A advogada se refere à estratégia usada pelo casal envolvido no caso para defender o próprio ponto de vista. Sob o argumento de provar a sua inocência diante de uma acusação grave como a de estupro, Neymar usou suas redes sociais e expôs a milhões de seguidores as conversas íntimas que trocou com a mulher, incluindo as imagens de corpo que ela havia compartilhado com ele por Whatsapp. O jogador também fez questão de frisar no vídeo que publicou na Internet que ambos haviam trocado mensagens no dia seguinte ao suposto estupro (que ele garante ter sido sexo consensual).
A divulgação desse conteúdo acabou gerando uma nova investigação contra o atacante com base na recente lei 13.718, aprovada no ano passado, que estabelece como crime a divulgação de foto, vídeo de nudez ou cena de sexo sem o consentimento da pessoa. Em contrapartida, a mulher que acusa o jogador anunciou dispor de imagens feitas sem autorização de Neymar que provaria sua versão dos fatos.
“Como a gente vive em uma era de muita exposição, as partes se veem reféns e acham que, se não expuserem todos os dados que possuem, serão condenadas no tribunal da Internet”, diz a advogada Patrícia Peck. Para Amanda Kamanchek, a estratégia da exposição é condenável e pode trazer graves consequências a vítimas de violência de gênero, como depressão, abandono do trabalho e até suicídio. “Acaba colocando os dois, mas principalmente a mulher, em situação de exposição e outras violências. E nisso a questão social e o machismo se manifestam. Essas divulgações massivas tendem a colocar a mulher como objeto e desqualificá-las”, afirma.
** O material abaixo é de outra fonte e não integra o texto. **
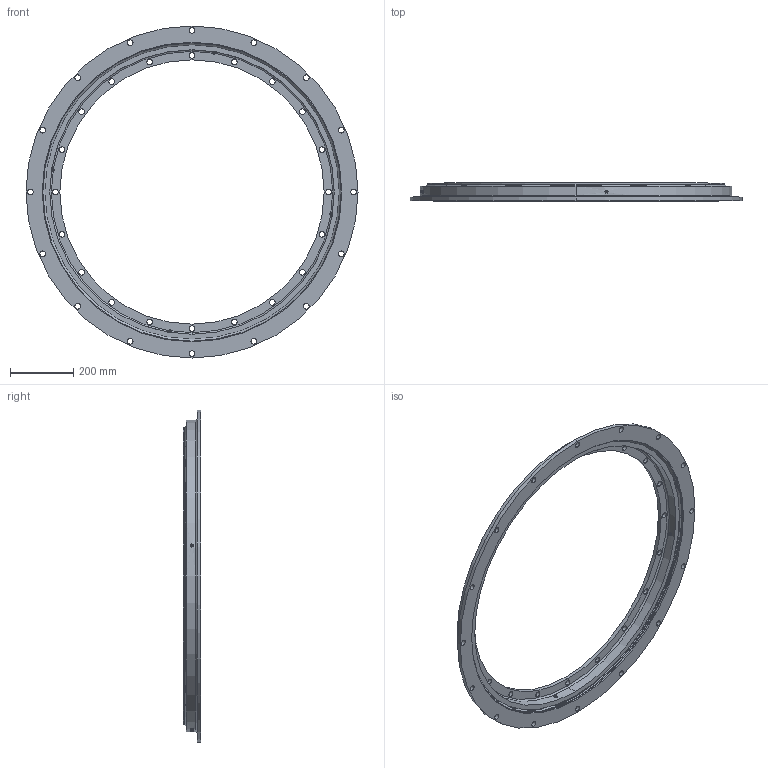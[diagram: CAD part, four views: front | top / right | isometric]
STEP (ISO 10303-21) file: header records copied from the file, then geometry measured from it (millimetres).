
FILE_DESCRIPTION (( 'STEP AP203' ), '1' );
FILE_NAME ('23-0941-01.STEP', '2017-12-28T08:40:34', ( 'defontaine' ), ( 'Hewlett-Packard Company' ), 'SwSTEP 2.0', 'SolidWorks 2016', '' );
FILE_SCHEMA (( 'CONFIG_CONTROL_DESIGN' ));
Length unit declared in the file: millimetre
Products named in the file (1): 23-0941-01
Bounding box: 1048 x 56 x 1048 mm (x, y, z)
Volume: 6898795 mm3; surface area: 1420047.5 mm2
Topology: 13 solids, 13 shells, 330 faces, 771 edges, 491 vertices
Faces by surface type: cylinder 124, plane 94, cone 56, torus 38, sphere 18
Entity records: 10705 total; most frequent: CARTESIAN_POINT 2613, DIRECTION 1806, ORIENTED_EDGE 1532, EDGE_CURVE 766, AXIS2_PLACEMENT_3D 741, VERTEX_POINT 488, EDGE_LOOP 452, CIRCLE 410

Nesse contexto, aponta, mesmo a desigualdade entre homens e mulheres em relação à expressão do desejo sexual é colocada em evidência. Ou seja, o próprio fato de a mulher manifestar ter tido vontade de se relacionar sexualmente com o homem é visto como algo negativo. Algo que não acontece com o homem. “Isso é extremamente desumanizador. Independentemente do que se conclua sobre o caso, a narrativa pesa muito mais contra a mulher. Acaba que as narrativas dela e dele não têm o mesmo poder que teriam no tribunal”, diz.
Casos como este põem em evidência como o machismo muitas vezes é reforçado no mundo do futebol. Desde cedo, jogadores são formados sob uma cultura que prega a virilidade como marca de um craque. A psicóloga e coach esportiva Laís Yuri, que trabalha há 11 anos em clubes de futebol, diz que os jogadores estão desde as categorias de base imersos em um ambiente onde tanto é comum os atletas se aproveitarem do status de jogador para começar relacionamentos quanto mulheres que buscam uma atenção social e financeira viabilizada pelo glamour em torno do esporte. Ela diz que há psicólogos nos clubes que tentam trabalhar essa questão tanto com uma orientação individual quanto com palestras. “O clube de futebol é um ambiente extremamente masculino, mas não é o único ambiente machista. Entendendo isso, trabalhamos dentro dos clubes por uma postura nova em relação à mulher, para que ela não seja tratada como objeto”, explica.